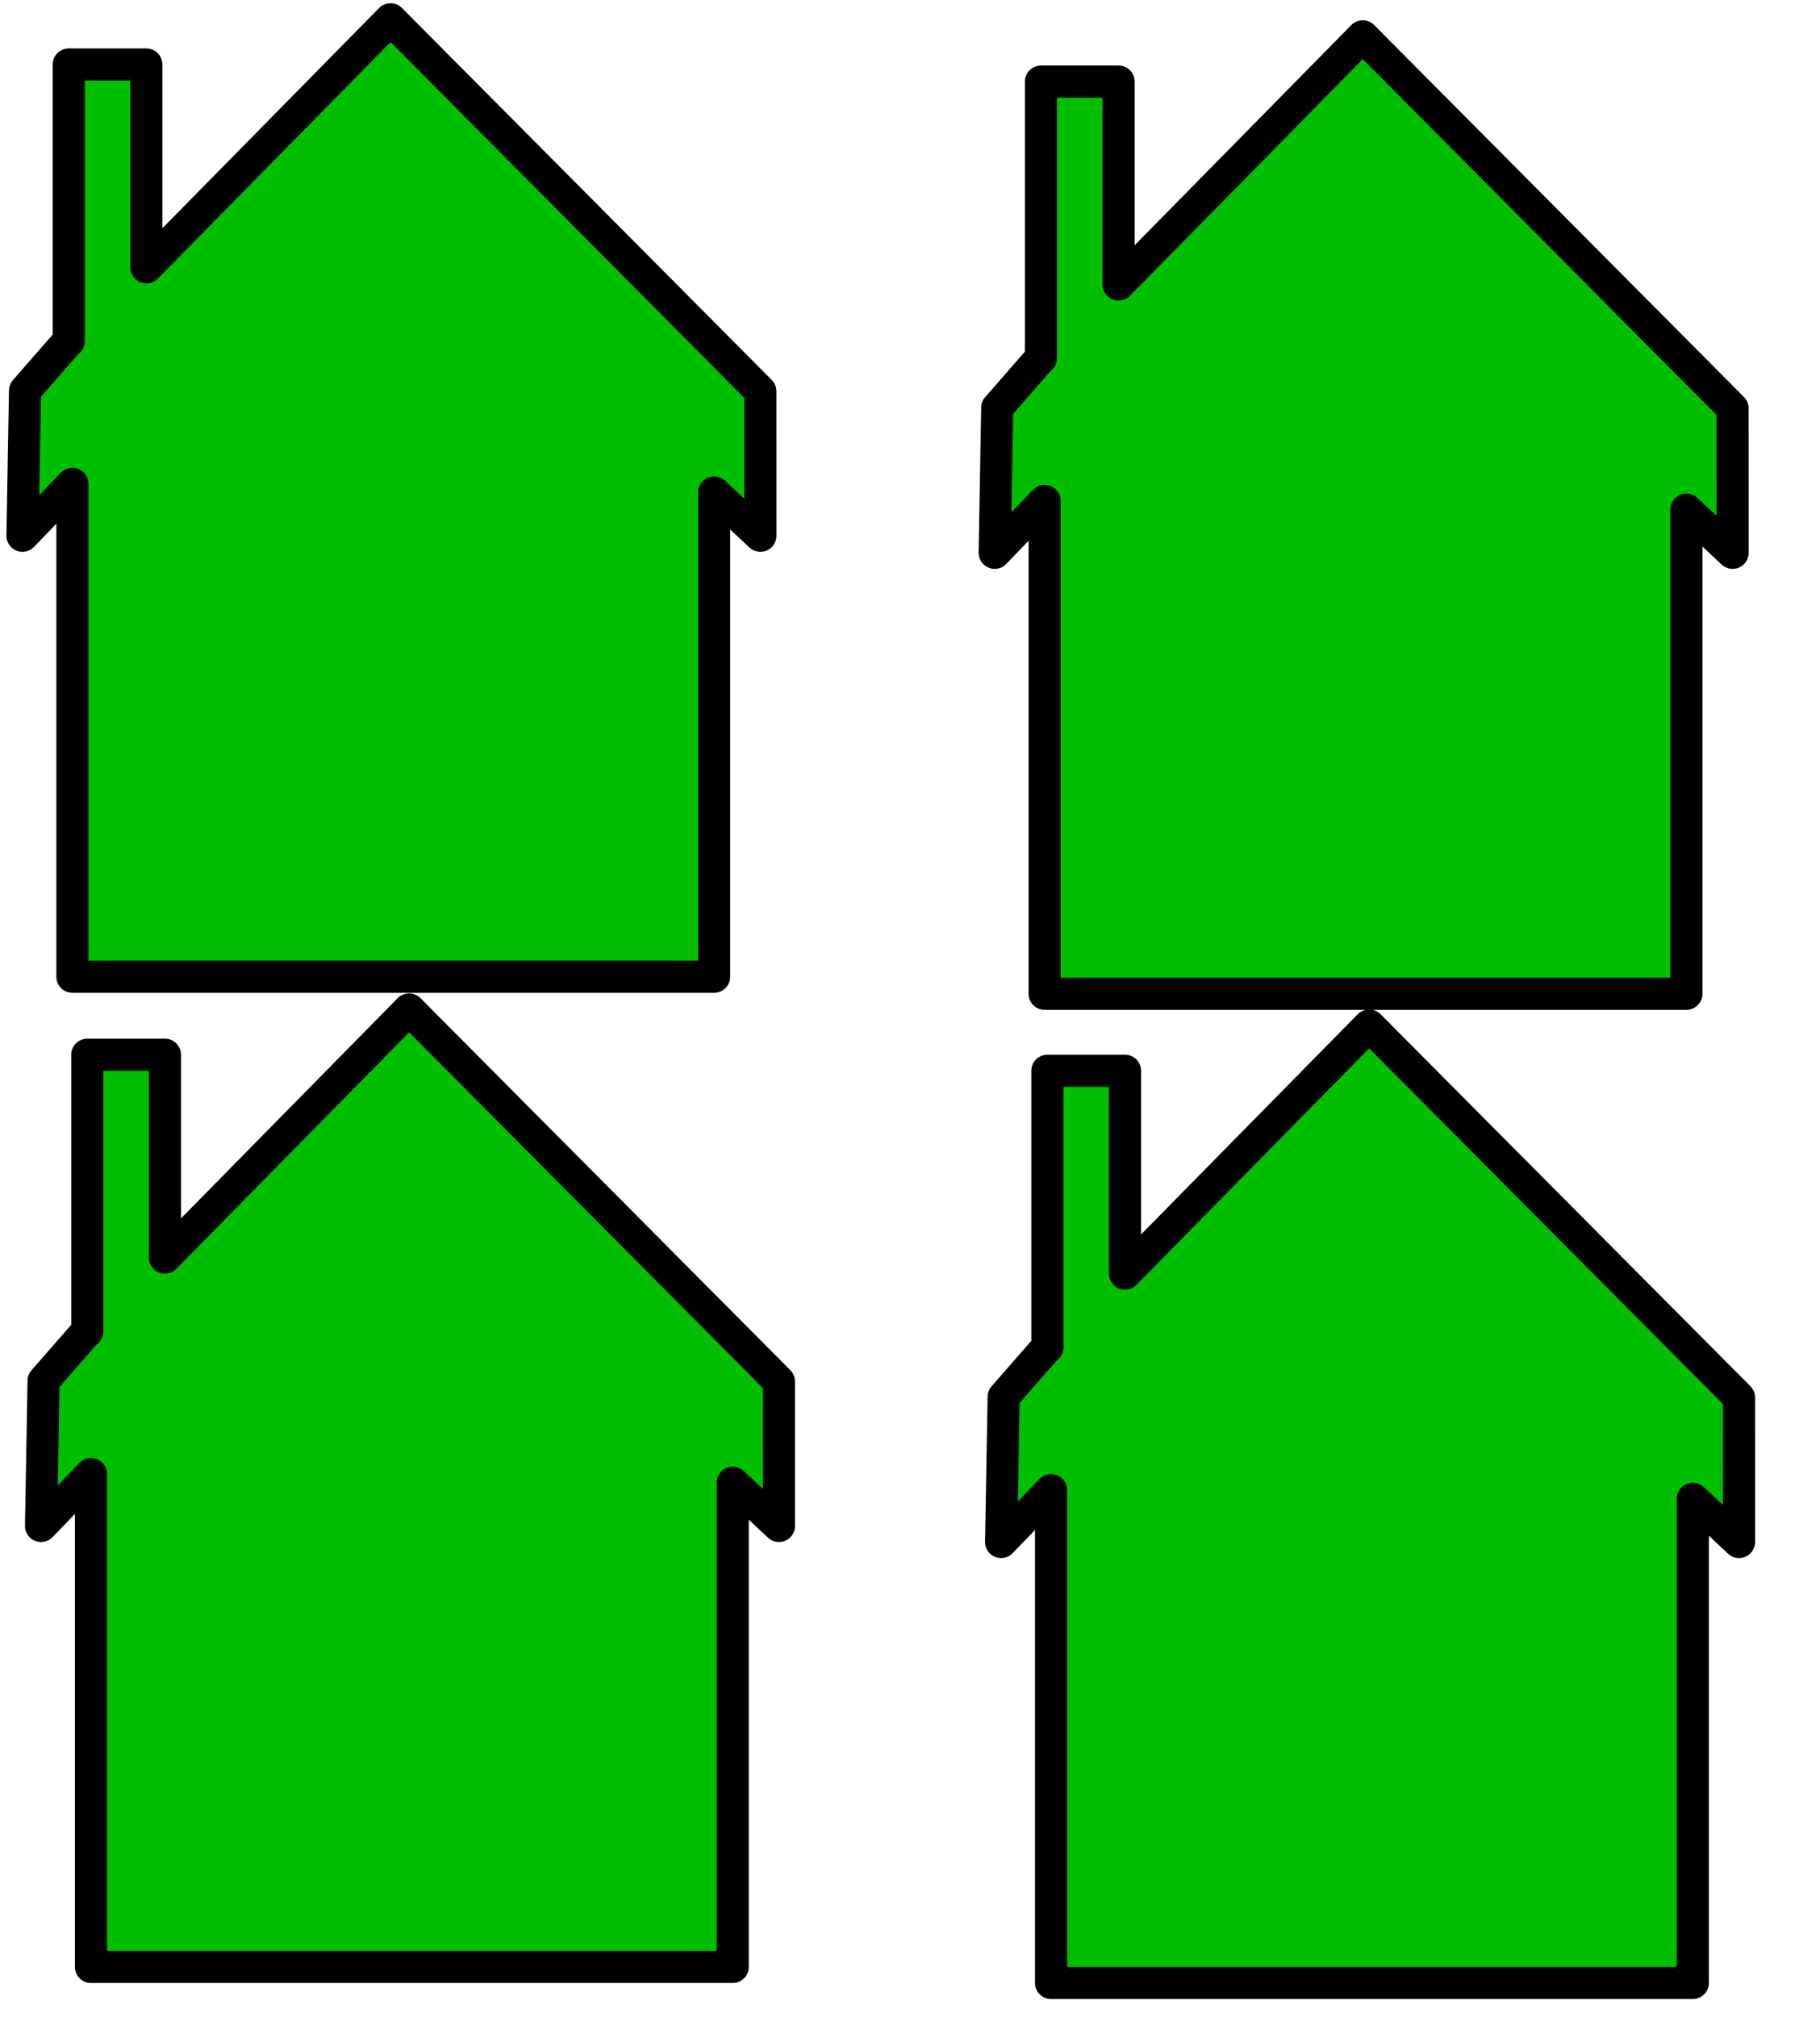 <?xml version="1.0"?><svg width="566.812" height="628.125" xmlns="http://www.w3.org/2000/svg">
 <title>green house</title>

 <g>
  <title>Layer 1</title>
  <g id="layer1">
   <path d="m236.806,121.836l0.007,44.983l-14.394,-13.459l0,150.766l-199.864,0l0,-153.464l-15.555,16.157l0.793,-45.181l13.446,-15.393l0.167,0l0,-86.152l24.183,0l0,63.167l76.032,-77.259l115.183,115.836z" id="rect3464" stroke-miterlimit="4" stroke-linejoin="round" stroke-linecap="round" stroke-width="10" stroke="#000000" fill="#00bf00"/>
  </g>
  <g id="svg_7">
   <path id="svg_8" d="m539.587,127.148l0.007,44.983l-14.394,-13.459l0,150.766l-199.864,0l0,-153.464l-15.555,16.157l0.793,-45.181l13.446,-15.393l0.167,0l0,-86.152l24.183,0l0,63.167l76.032,-77.259l115.183,115.836z" stroke-miterlimit="4" stroke-linejoin="round" stroke-linecap="round" stroke-width="10" stroke="#000000" fill="#00bf00"/>
  </g>
  <g id="svg_9">
   <path id="svg_10" d="m242.587,430.148l0.007,44.983l-14.394,-13.459l0,150.766l-199.864,0l0,-153.464l-15.555,16.157l0.793,-45.181l13.446,-15.393l0.167,0l0,-86.152l24.183,0l0,63.167l76.032,-77.259l115.183,115.836z" stroke-miterlimit="4" stroke-linejoin="round" stroke-linecap="round" stroke-width="10" stroke="#000000" fill="#00bf00"/>
  </g>
  <g id="svg_11">
   <path id="svg_12" d="m541.587,435.148l0.007,44.983l-14.394,-13.459l0,150.766l-199.864,0l0,-153.464l-15.555,16.157l0.793,-45.181l13.446,-15.393l0.167,0l0,-86.152l24.183,0l0,63.167l76.032,-77.259l115.183,115.836z" stroke-miterlimit="4" stroke-linejoin="round" stroke-linecap="round" stroke-width="10" stroke="#000000" fill="#00bf00"/>
  </g>
 </g>
</svg>

———

▶ [Directions] Give back the listing word for word, minus its images.

▶ [Result]
 <?xml version="1.0"?><svg width="566.812" height="628.125" xmlns="http://www.w3.org/2000/svg">
 <title>green house</title>

 <g>
  <title>Layer 1</title>
  <g id="layer1">
   <path d="m236.806,121.836l0.007,44.983l-14.394,-13.459l0,150.766l-199.864,0l0,-153.464l-15.555,16.157l0.793,-45.181l13.446,-15.393l0.167,0l0,-86.152l24.183,0l0,63.167l76.032,-77.259l115.183,115.836z" id="rect3464" stroke-miterlimit="4" stroke-linejoin="round" stroke-linecap="round" stroke-width="10" stroke="#000000" fill="#00bf00"/>
  </g>
  <g id="svg_7">
   <path id="svg_8" d="m539.587,127.148l0.007,44.983l-14.394,-13.459l0,150.766l-199.864,0l0,-153.464l-15.555,16.157l0.793,-45.181l13.446,-15.393l0.167,0l0,-86.152l24.183,0l0,63.167l76.032,-77.259l115.183,115.836z" stroke-miterlimit="4" stroke-linejoin="round" stroke-linecap="round" stroke-width="10" stroke="#000000" fill="#00bf00"/>
  </g>
  <g id="svg_9">
   <path id="svg_10" d="m242.587,430.148l0.007,44.983l-14.394,-13.459l0,150.766l-199.864,0l0,-153.464l-15.555,16.157l0.793,-45.181l13.446,-15.393l0.167,0l0,-86.152l24.183,0l0,63.167l76.032,-77.259l115.183,115.836z" stroke-miterlimit="4" stroke-linejoin="round" stroke-linecap="round" stroke-width="10" stroke="#000000" fill="#00bf00"/>
  </g>
  <g id="svg_11">
   <path id="svg_12" d="m541.587,435.148l0.007,44.983l-14.394,-13.459l0,150.766l-199.864,0l0,-153.464l-15.555,16.157l0.793,-45.181l13.446,-15.393l0.167,0l0,-86.152l24.183,0l0,63.167l76.032,-77.259l115.183,115.836z" stroke-miterlimit="4" stroke-linejoin="round" stroke-linecap="round" stroke-width="10" stroke="#000000" fill="#00bf00"/>
  </g>
 </g>
</svg>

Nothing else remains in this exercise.